The influence of gas diffusion layer (GDL) microstructures on mass transport and methylcyclohexane saturation (MCH) in a dehydrogenation cell was investigated using pore network modeling. We reveal that GDLs with larger pore diameters (d_pore ) and lower tortuosity (τ) enable enhanced MCH invasion, thereby improving reactant concentration at the catalyst.

Abstract

Dehydrogenating methylcyclohexane (MCH) as a liquid organic hydrogen carrier offers a promising method for producing stored hydrogen. However, the transport properties of the gas diffusion layers (GDLs) in dehydrogenation cells (D-cells) have not yet been optimized for high reactant saturation at the GDL-catalyst layer (CL) interface, which is crucial for increasing hydrogen production. We applied pore network modeling (PNM) to quantify the anisotropic transport properties and local saturation of MCH in GDLs with distinct microstructures. We demonstrate that GDLs with larger mean pore diameters and lower tortuosity exhibit higher MCH permeability and diffusivity. Moreover, a high porosity at the GDL-CL interface increases MCH saturation (from 0.05 to 0.11), highlighting the impact of local GDL porosity on MCH supply to the catalyst.

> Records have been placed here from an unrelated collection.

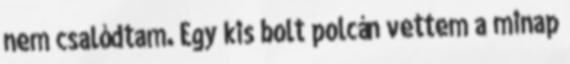
nem csalódtam. Egy kis bolt polcán vettem a minap
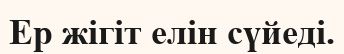
Ер жігіт елін сүйеді.
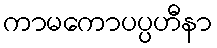
ကာမကောပပ္ပဟီနာ
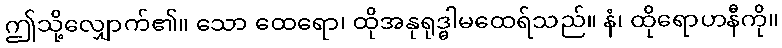
ဤသို့လျှောက်၏။ သော ထေရော၊ ထိုအနုရုဒ္ဓါမထေရ်သည်။ နံ၊ ထိုရောဟနီကို။
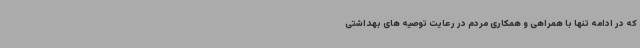
که در ادامه تنها با همراهی و همکاری مردم در رعایت توصیه های بهداشتی
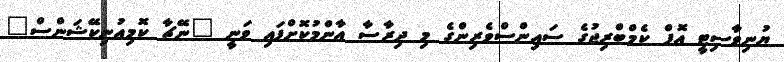
ޔުނިވާސިޓީ އޮފް ކެމްބްރިޖުގެ ސައިންސްވެރިންގެ މި ދިރާސާ އާންމުކޮށްފައި ވަނީ "ނޭޗާ ކޮމިއުނިކޭޝަންސް"
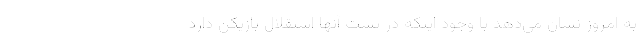
به امروز نشان می‌دهد با وجود اینکه در پست آنها استقلال بازیکن دارد
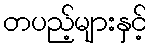
တပည့်များနှင့်
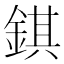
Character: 錤
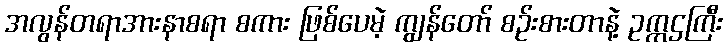
အလွန်တရာအားနာစရာ စကား ဖြစ်ပေမဲ့ ကျွန်တော် စဉ်းစားတာနဲ့ ဥက္ကဌကြီး
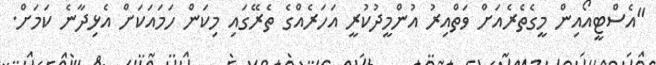
"އެސްޓީއޯއިން މީގެތެރެއަށް ވަތްއިރު އުންމީދުކުރީ އަހަރެއްގެ ތެރޭގައި މިކަން ހަމައަކަށް އެޅިދާނެ ކަމަށް.
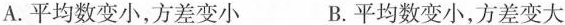
A. 平均数变小，方差变小 B. 平均数变小，方差变大
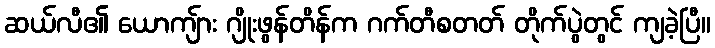
ဆယ်လီ၏ ယောကျ်ား ဂျိုးဖွန်တိန်က ဂက်တီစတတ် တိုက်ပွဲတွင် ကျခဲ့ပြီ။
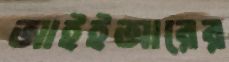
আইইআরের
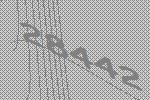
28442
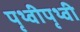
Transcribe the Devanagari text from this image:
पृथ्वीपृथ्वी
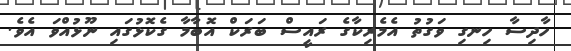
ހާދިސާ ހިނގި ވަގުތު އެމެރިކާގެ ރައީސް ބަރަކް އޮބާމާ ގެކޮޅުގައި ނޫޅުއްވަ އެވެ.
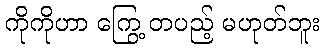
ကိုကိုဟာ ကြွေ့ တပည့် မဟုတ်ဘူး
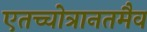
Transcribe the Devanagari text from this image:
एतच्चोत्रानतमैव
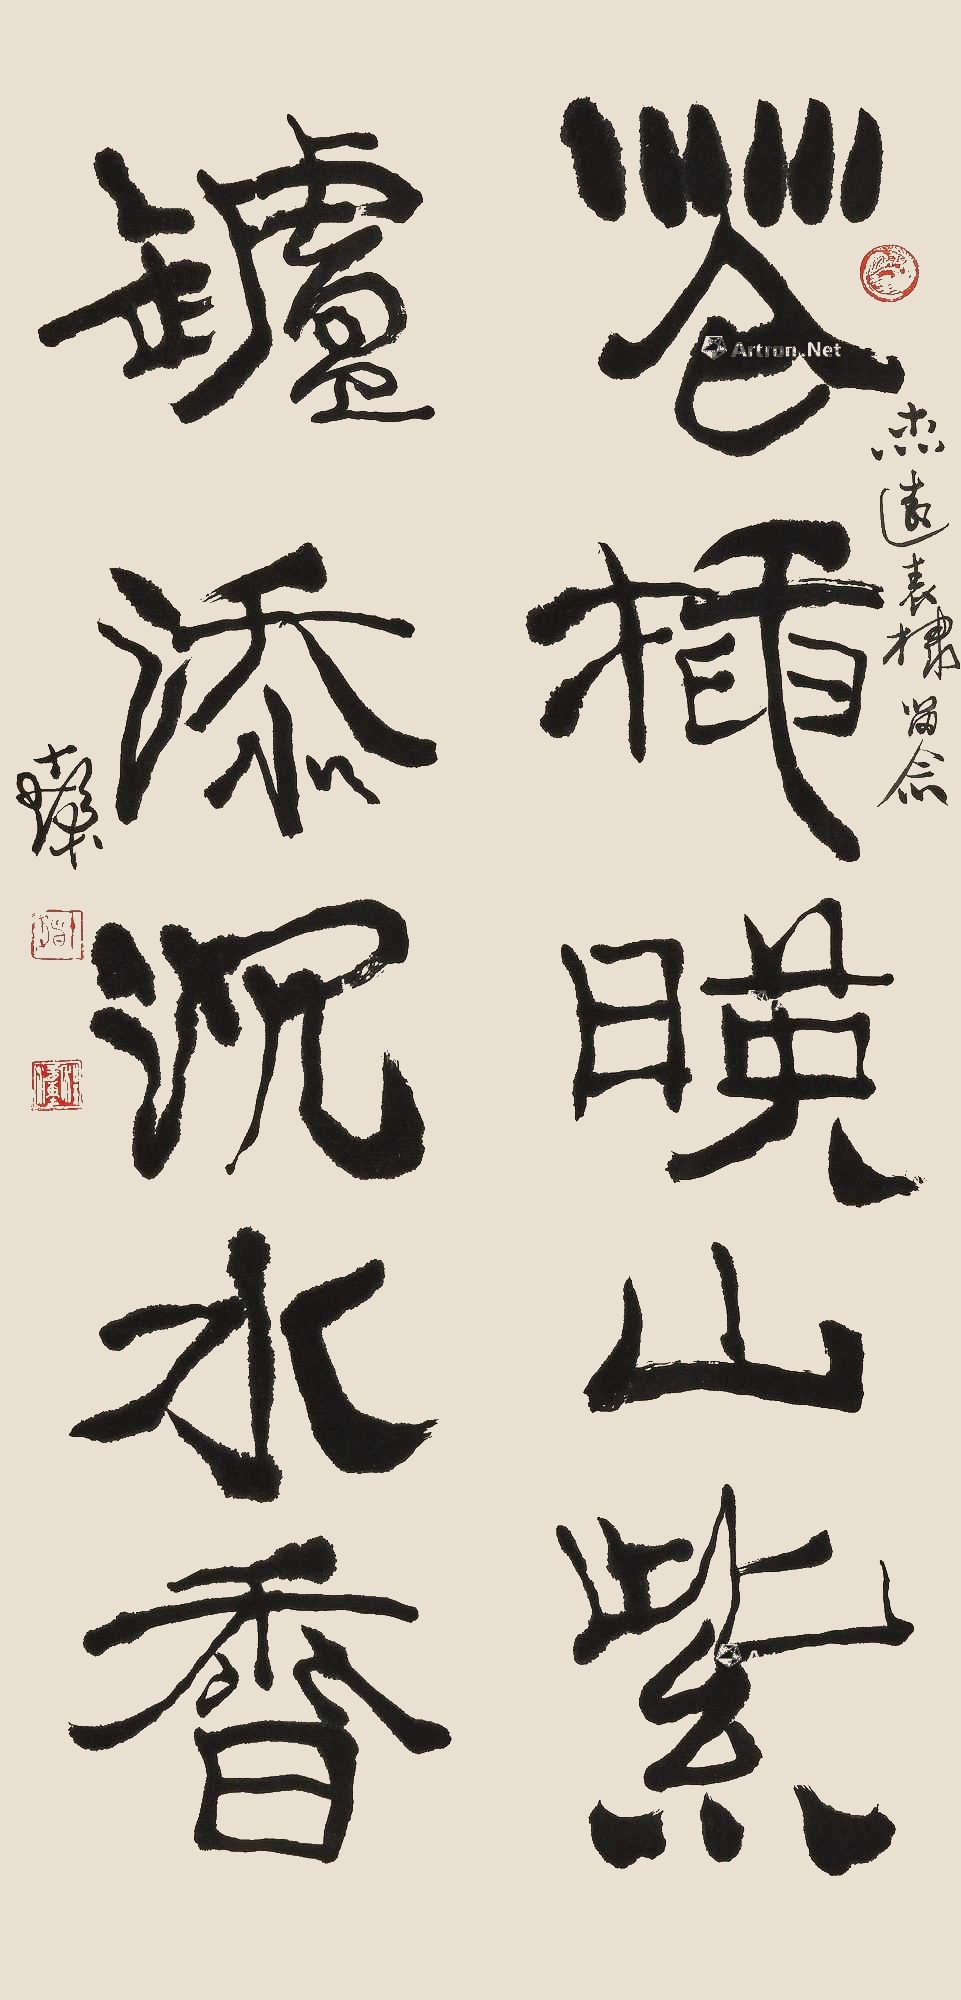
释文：花插映山紫，炉添沉水香。杰远表棣留念，十发。
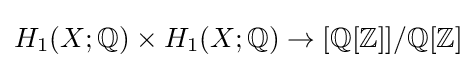
H_{1}(X;\mathbb {Q} )\times H_{1}(X;\mathbb {Q} )\to [\mathbb {Q} [\mathbb {Z} ]]/\mathbb {Q} [\mathbb {Z} ]
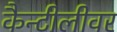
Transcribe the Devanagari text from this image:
कैन्टीलीवर
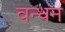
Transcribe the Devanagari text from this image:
वन्धन
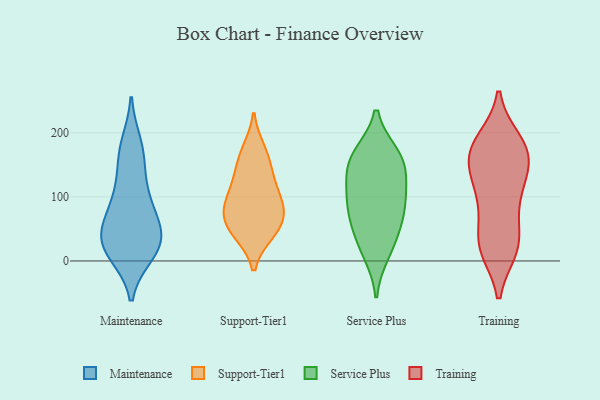
{"axis": {"x": "Waste Production (Tons)", "y": "Value"}, "legend": ["Maintenance", "Service Plus", "Support-Tier1", "Training"], "data": [{"x": "", "y": 52, "type": "Maintenance"}, {"x": "", "y": 182, "type": "Maintenance"}, {"x": "", "y": 171, "type": "Maintenance"}, {"x": "", "y": 30, "type": "Maintenance"}, {"x": "", "y": 51, "type": "Maintenance"}, {"x": "", "y": 16, "type": "Maintenance"}, {"x": "", "y": 106, "type": "Maintenance"}, {"x": "", "y": 83, "type": "Maintenance"}, {"x": "", "y": 47, "type": "Maintenance"}, {"x": "", "y": 23, "type": "Maintenance"}, {"x": "", "y": 152, "type": "Maintenance"}, {"x": "", "y": 12, "type": "Maintenance"}, {"x": "", "y": 100, "type": "Maintenance"}, {"x": "", "y": 23, "type": "Maintenance"}, {"x": "", "y": 161, "type": "Support-Tier1"}, {"x": "", "y": 95, "type": "Support-Tier1"}, {"x": "", "y": 80, "type": "Support-Tier1"}, {"x": "", "y": 129, "type": "Support-Tier1"}, {"x": "", "y": 44, "type": "Support-Tier1"}, {"x": "", "y": 86, "type": "Support-Tier1"}, {"x": "", "y": 123, "type": "Support-Tier1"}, {"x": "", "y": 53, "type": "Support-Tier1"}, {"x": "", "y": 74, "type": "Support-Tier1"}, {"x": "", "y": 45, "type": "Support-Tier1"}, {"x": "", "y": 172, "type": "Support-Tier1"}, {"x": "", "y": 147, "type": "Service Plus"}, {"x": "", "y": 27, "type": "Service Plus"}, {"x": "", "y": 68, "type": "Service Plus"}, {"x": "", "y": 54, "type": "Service Plus"}, {"x": "", "y": 166, "type": "Service Plus"}, {"x": "", "y": 112, "type": "Service Plus"}, {"x": "", "y": 12, "type": "Service Plus"}, {"x": "", "y": 86, "type": "Service Plus"}, {"x": "", "y": 156, "type": "Service Plus"}, {"x": "", "y": 166, "type": "Service Plus"}, {"x": "", "y": 122, "type": "Service Plus"}, {"x": "", "y": 88, "type": "Service Plus"}, {"x": "", "y": 20, "type": "Training"}, {"x": "", "y": 160, "type": "Training"}, {"x": "", "y": 180, "type": "Training"}, {"x": "", "y": 37, "type": "Training"}, {"x": "", "y": 129, "type": "Training"}, {"x": "", "y": 187, "type": "Training"}, {"x": "", "y": 126, "type": "Training"}, {"x": "", "y": 176, "type": "Training"}, {"x": "", "y": 23, "type": "Training"}, {"x": "", "y": 114, "type": "Training"}, {"x": "", "y": 166, "type": "Training"}, {"x": "", "y": 19, "type": "Training"}, {"x": "", "y": 179, "type": "Training"}, {"x": "", "y": 24, "type": "Training"}, {"x": "", "y": 85, "type": "Training"}, {"x": "", "y": 84, "type": "Training"}, {"x": "", "y": 153, "type": "Training"}]}

The results of the invasion percolation simulation revealed that smaller pore sizes lead to a longer MCH transport pathway to the GDL-CL interface, thereby reducing MCH saturation at this interface (by more than twofold), which hinders reactant availability for hydrogen production. Therefore, we recommend a GDL that combines large pores for efficient MCH flow and small pores close to the CL for liquid retention to enhance MCH utilization in the anode of D-cell, particularly at high current densities.